• TASK TO COMPLETE: Go through the records and tally the lines that include the word "power". The answer is that total alone.

• Data items:
=== Begin Enclosure ===

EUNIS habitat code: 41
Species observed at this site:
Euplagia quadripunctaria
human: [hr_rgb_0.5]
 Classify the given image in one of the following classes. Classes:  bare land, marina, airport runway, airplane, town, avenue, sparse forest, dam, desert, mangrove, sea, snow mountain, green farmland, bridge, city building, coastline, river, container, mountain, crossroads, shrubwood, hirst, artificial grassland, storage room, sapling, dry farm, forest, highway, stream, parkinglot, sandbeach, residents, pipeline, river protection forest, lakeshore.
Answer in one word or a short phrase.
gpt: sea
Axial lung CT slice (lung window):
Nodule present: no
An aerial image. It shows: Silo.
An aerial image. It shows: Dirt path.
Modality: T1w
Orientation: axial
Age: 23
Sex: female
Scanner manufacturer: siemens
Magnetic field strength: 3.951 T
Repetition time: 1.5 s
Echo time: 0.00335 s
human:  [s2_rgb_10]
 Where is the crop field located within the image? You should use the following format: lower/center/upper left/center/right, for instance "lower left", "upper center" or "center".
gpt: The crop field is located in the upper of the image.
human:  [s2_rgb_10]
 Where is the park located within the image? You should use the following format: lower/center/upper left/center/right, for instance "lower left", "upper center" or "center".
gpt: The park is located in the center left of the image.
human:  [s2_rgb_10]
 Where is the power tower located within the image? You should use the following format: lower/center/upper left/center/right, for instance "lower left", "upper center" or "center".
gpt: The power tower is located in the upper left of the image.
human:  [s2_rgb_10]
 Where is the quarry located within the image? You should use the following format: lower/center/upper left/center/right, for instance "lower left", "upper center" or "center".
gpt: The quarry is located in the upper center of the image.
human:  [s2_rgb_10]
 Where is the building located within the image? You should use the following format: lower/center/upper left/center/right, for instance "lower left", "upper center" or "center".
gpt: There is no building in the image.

=== End Enclosure ===
=== Begin Enclosure ===

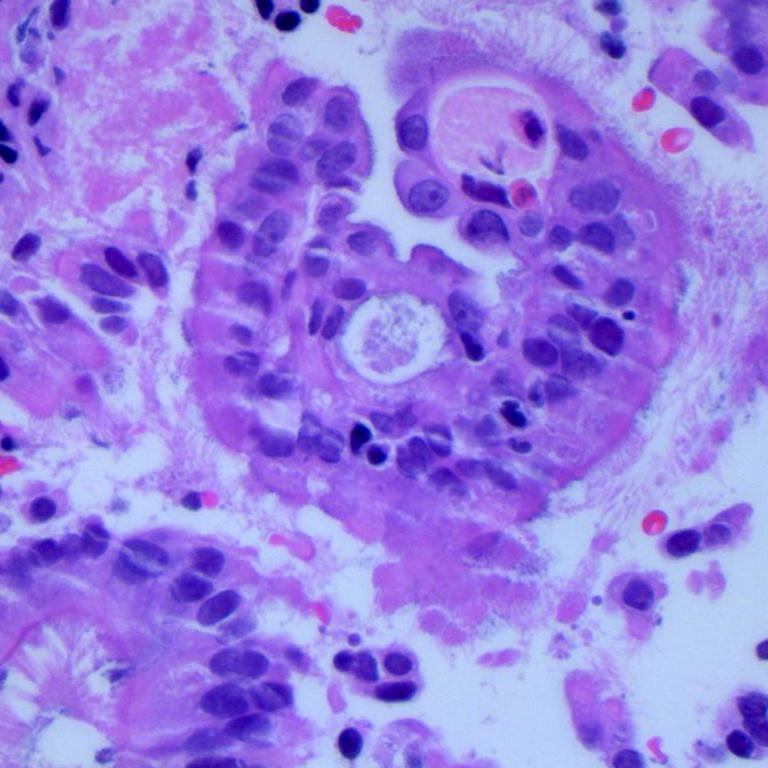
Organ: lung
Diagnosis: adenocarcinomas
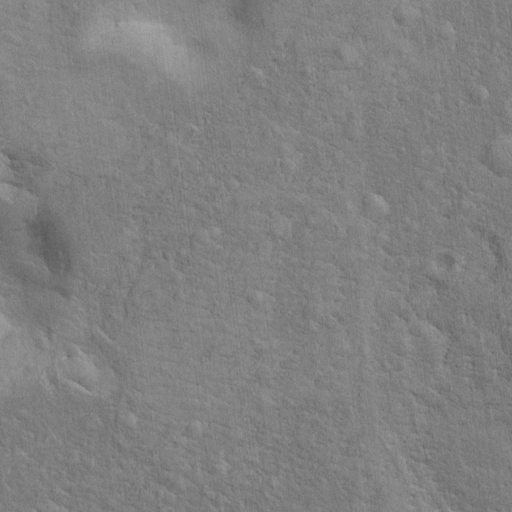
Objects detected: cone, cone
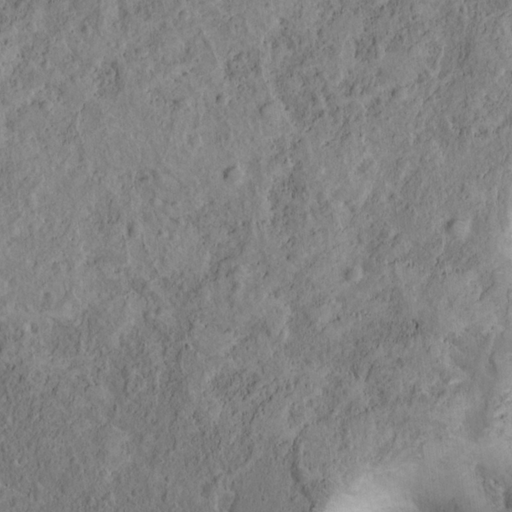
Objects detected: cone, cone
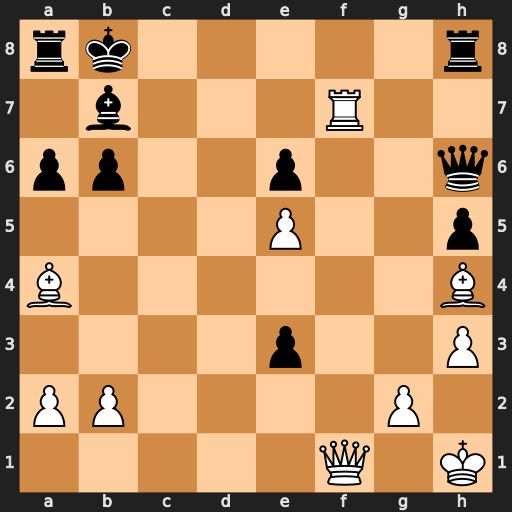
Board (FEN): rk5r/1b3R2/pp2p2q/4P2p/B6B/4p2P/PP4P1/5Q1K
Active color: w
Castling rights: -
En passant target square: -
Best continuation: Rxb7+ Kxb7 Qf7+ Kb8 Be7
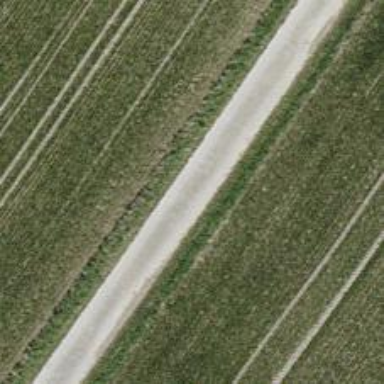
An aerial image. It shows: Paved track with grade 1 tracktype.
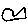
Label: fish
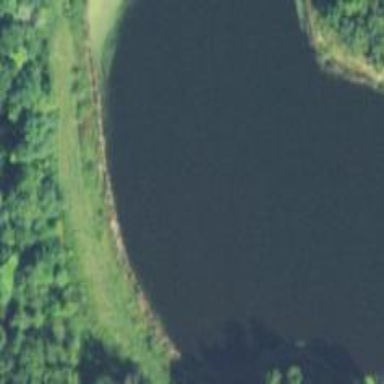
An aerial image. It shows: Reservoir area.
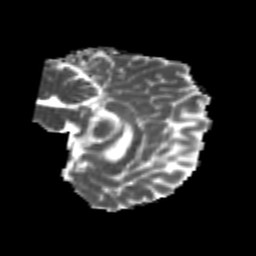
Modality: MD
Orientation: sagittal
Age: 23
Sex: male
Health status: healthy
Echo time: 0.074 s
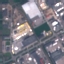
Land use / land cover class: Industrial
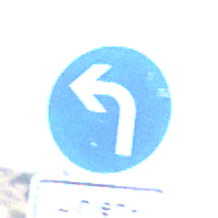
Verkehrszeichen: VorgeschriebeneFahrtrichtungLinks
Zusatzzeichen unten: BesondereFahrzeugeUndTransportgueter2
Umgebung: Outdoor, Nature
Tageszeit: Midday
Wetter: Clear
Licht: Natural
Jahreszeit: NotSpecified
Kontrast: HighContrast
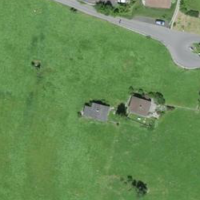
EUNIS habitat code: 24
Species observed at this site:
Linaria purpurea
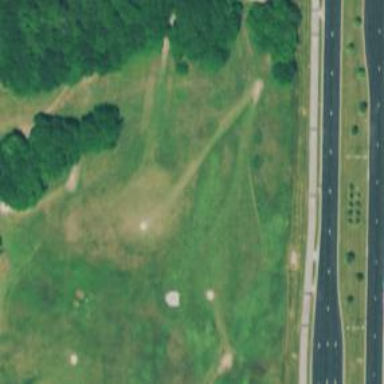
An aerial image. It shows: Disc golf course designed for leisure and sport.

=== End Enclosure ===
=== Begin Enclosure ===

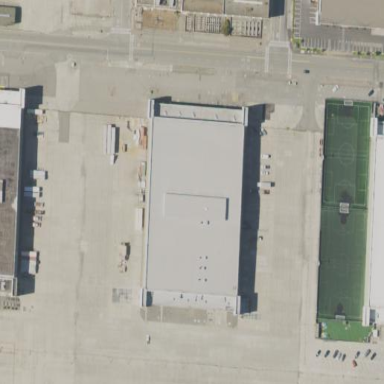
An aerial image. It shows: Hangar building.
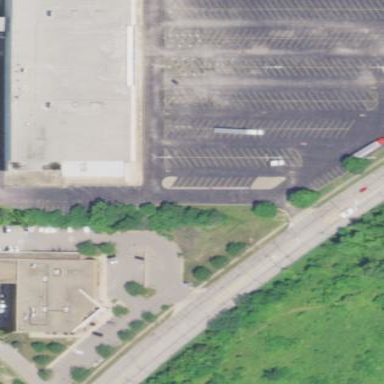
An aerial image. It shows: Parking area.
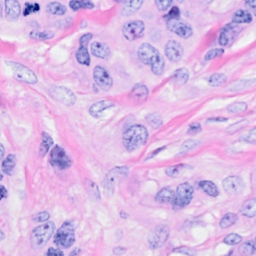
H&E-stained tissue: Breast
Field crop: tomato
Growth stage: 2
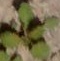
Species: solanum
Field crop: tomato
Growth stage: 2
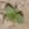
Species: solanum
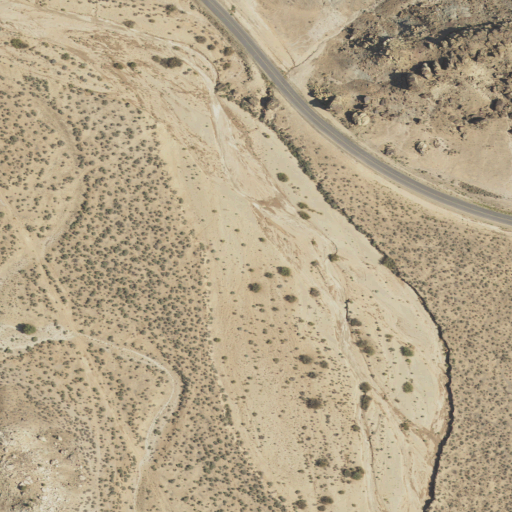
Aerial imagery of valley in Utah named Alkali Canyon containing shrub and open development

=== End Enclosure ===

• EXERCISE OUTPUT: 2